Same deal with faraday / maxwell / einstein. The experimenter (faraday)
measured & applied new phenomena, then maxwell came up with general laws, then
einstein figured out their implications.

------
daemonk
"Good enough" is often very subjective.

------
combatentropy
The merits of the advice aside, the foundation of his argument and the
headline itself are wrong. What about Platonism? And the Sapir-Whorf
hypothesis needs to die.

I guess this isn't meant to be a serious work of scholarship anyway, with
footnotes like, "For the life of me I can’t remember where I read this."

------
mjevans
There still needs to be a clear understanding of what 'done' is.

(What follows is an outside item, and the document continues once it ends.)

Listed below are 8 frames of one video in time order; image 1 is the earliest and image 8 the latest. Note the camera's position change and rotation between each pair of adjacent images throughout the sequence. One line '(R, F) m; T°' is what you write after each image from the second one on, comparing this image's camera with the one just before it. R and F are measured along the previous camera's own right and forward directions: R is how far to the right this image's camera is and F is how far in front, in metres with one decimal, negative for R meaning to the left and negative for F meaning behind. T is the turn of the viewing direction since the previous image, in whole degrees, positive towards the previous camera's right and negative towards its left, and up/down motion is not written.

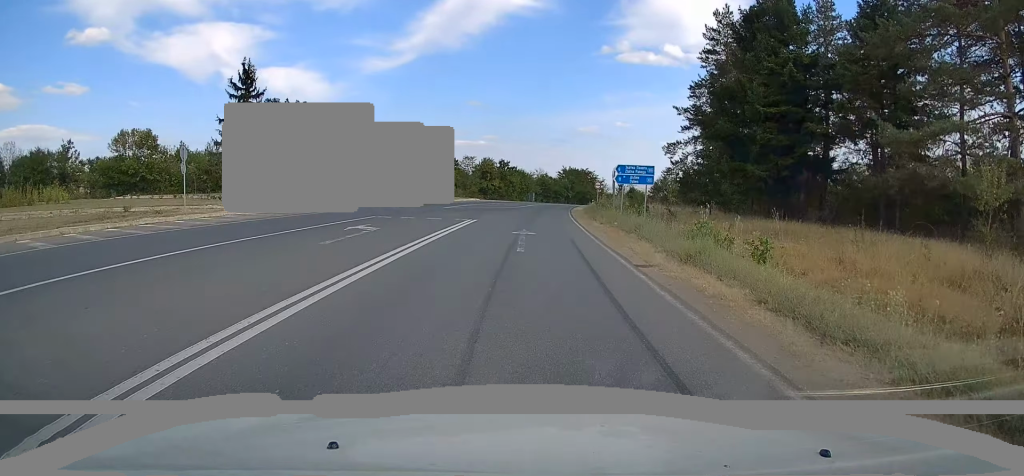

By my reading the old definition of 'perfect' is "fulfills the important
criteria of being done".

For a boat that meant "didn't sink" (so done is like completed, while perfect
is 'completed and useful').

------
acscott
If everything is always changing, then the perfect happens only one moment in
time and the next moment the perfect is gone. Secondly, you can only influence
things to perfection and when they hit perfect, you got lucky. You cannot make
it happen. With design, there must be some way to be objective to evaluate a
design. If there is no objective, then how can you establish, know and
recognize what is perfect?

A witty saying proves nothing -- Voltaire.